Given entries below:
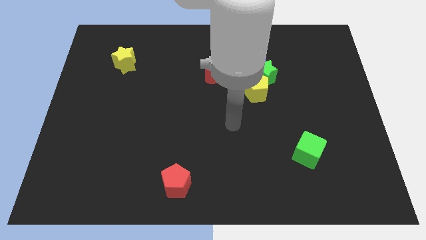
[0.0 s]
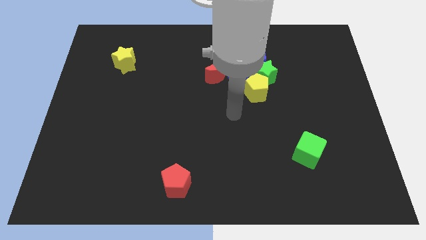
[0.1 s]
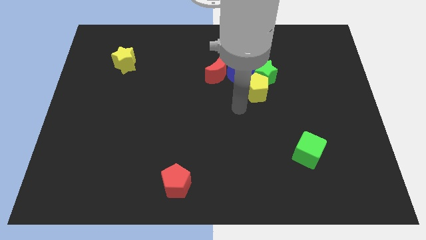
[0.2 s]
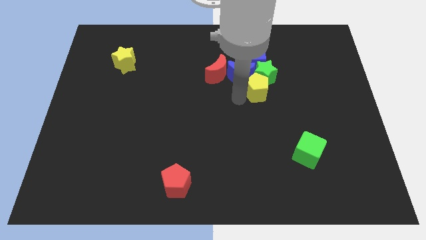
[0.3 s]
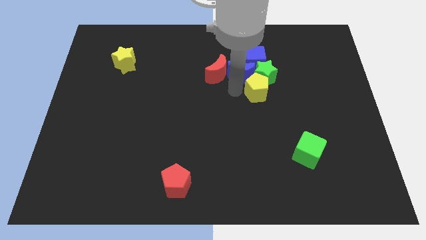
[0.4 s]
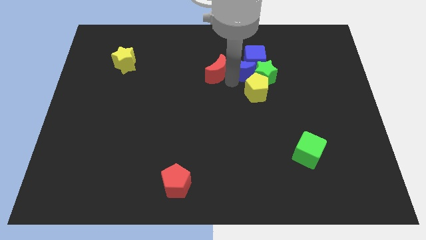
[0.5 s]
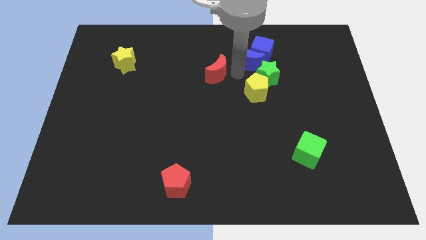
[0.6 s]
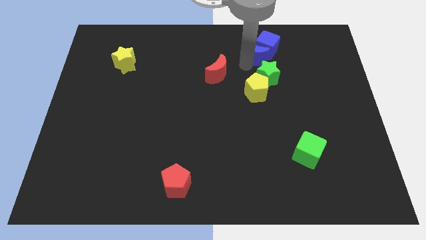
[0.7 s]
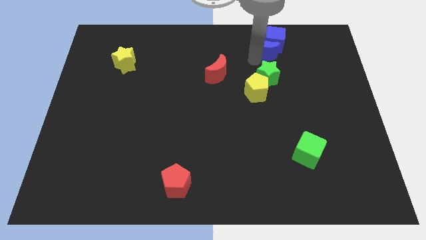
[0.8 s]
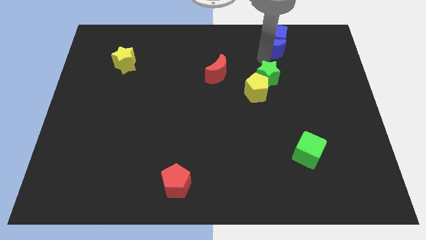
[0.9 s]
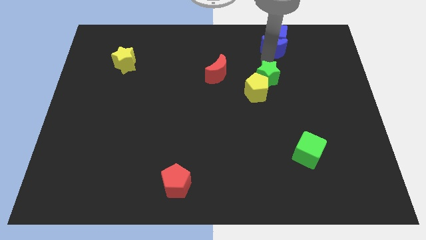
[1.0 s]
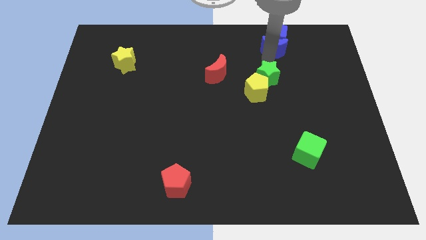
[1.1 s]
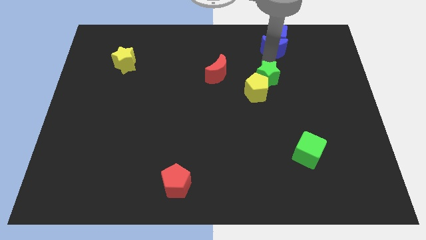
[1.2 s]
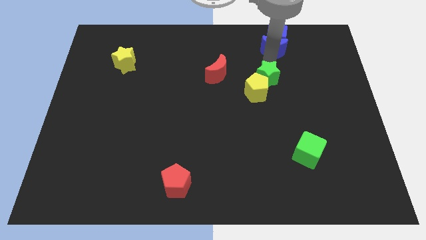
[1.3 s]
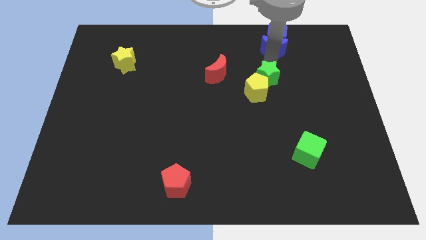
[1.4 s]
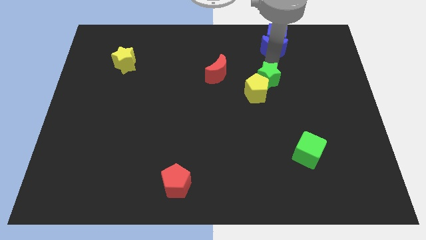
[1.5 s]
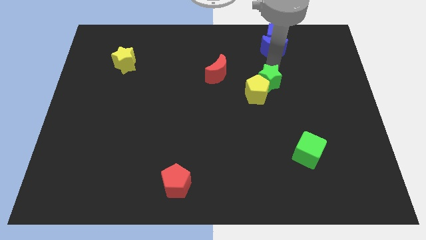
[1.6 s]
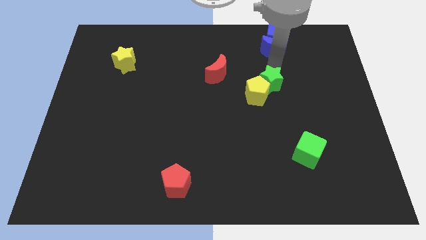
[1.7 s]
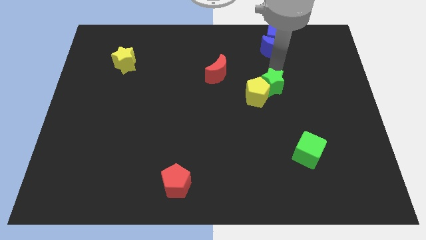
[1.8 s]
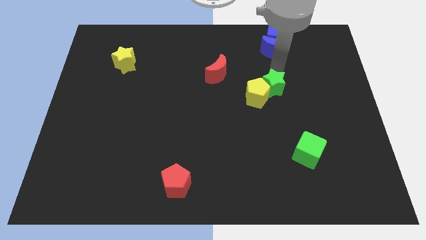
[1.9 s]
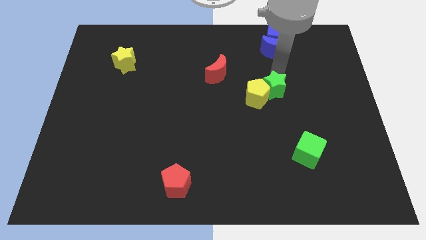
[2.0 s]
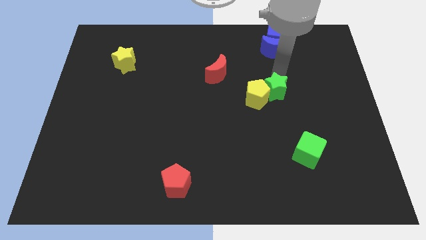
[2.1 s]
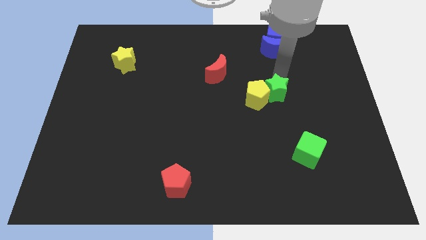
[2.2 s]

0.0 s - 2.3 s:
move the green star away from the yellow pentagon, blue cube, and blue moon
End of Given entries.
Write every line of the data out again exactly, leaving out all images.

Finished exercise:
[0.0 s]
[0.1 s]
[0.2 s]
[0.3 s]
[0.4 s]
[0.5 s]
[0.6 s]
[0.7 s]
[0.8 s]
[0.9 s]
[1.0 s]
[1.1 s]
[1.2 s]
[1.3 s]
[1.4 s]
[1.5 s]
[1.6 s]
[1.7 s]
[1.8 s]
[1.9 s]
[2.0 s]
[2.1 s]
[2.2 s]

0.0 s - 2.3 s:
move the green star away from the yellow pentagon, blue cube, and blue moon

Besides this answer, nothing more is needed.